Bekeken moet worden of de vertaalde passages op zichzelf de tenlastelegging van een bepaald feit opleveren. De passages waarin de verdachte [bedrijf 1] beschuldigt van collaboreren tijdens de oorlog leveren geen tenlasteleggingen van een bepaald feit op. Er zijn, zo blijkt ook uit het onderzoek van [naam 10] , meerdere invullingen van het begrip ‘collaboreren’ mogelijk. Het begrip kenmerkt zich derhalve door onbepaaldheid, zodat hier niet gezegd kan worden dat sprake is van tenlastelegging van een bepaald feit. Het ‘bieden van hulp aan terrorisme’ is dermate vaag en ongericht dat hier evenmin sprake kan zijn van een bepaald feit.

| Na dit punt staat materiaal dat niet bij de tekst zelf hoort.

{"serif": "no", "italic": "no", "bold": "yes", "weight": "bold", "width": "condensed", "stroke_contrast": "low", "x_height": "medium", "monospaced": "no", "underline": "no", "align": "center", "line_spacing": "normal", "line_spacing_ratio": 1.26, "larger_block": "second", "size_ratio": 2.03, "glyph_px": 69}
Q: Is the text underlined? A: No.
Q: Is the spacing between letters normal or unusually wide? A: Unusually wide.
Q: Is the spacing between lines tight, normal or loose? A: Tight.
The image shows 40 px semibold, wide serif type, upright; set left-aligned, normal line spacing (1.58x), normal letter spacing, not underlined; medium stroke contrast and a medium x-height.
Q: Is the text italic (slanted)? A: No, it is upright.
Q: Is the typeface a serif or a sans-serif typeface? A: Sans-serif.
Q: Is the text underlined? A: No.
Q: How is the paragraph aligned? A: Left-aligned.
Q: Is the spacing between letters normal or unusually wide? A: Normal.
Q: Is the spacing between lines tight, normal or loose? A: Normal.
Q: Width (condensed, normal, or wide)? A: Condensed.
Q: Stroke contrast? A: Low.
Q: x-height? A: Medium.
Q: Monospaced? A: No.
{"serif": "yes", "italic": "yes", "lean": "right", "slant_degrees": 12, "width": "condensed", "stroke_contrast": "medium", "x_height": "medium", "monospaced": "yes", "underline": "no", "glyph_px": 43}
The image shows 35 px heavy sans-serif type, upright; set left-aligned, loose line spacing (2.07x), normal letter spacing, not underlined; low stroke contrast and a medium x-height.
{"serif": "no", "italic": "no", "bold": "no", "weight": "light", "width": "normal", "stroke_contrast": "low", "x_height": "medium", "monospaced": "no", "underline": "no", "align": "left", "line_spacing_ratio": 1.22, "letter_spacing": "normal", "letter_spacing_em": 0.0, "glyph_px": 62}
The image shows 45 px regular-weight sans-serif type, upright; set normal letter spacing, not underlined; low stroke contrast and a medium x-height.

De passage “Therefore it is obvious … t/m …worst crime in history” verzonden aan [naam 2] is onbegrijpelijk en dus geen tenlastelegging van een bepaald feit aan het adres van [bedrijf 1]
Gelet op het voorgaande dient de verdachte van bijna alle tenlastegelegde passages te worden vrijgesproken, nu geen sprake is van smaad. De enige passages waar mogelijk sprake zou kunnen zijn van smaad zijn de passages over het smokkelen van kunst door [benadeelde 1] . Hiervoor dient echter geen straf te worden opgelegd. Blijkens het krantenartikel uit [krant] bestond er op dat moment maatschappelijke belangstelling voor de gebeurtenissen rondom het door [benadeelde 1] in strijd met de wet ingevoerde kunstwerk. Nu er sprake van was dat verdachte te goeder trouw heeft kunnen aannemen dat hetgeen hij over [benadeelde 1] heeft opgemerkt waar was en dat het algemeen belang dit eiste was sprake van de omstandigheid als bedoeld in artikel 261, lid 3, Sr zodat van smaad noch laster sprake is geweest.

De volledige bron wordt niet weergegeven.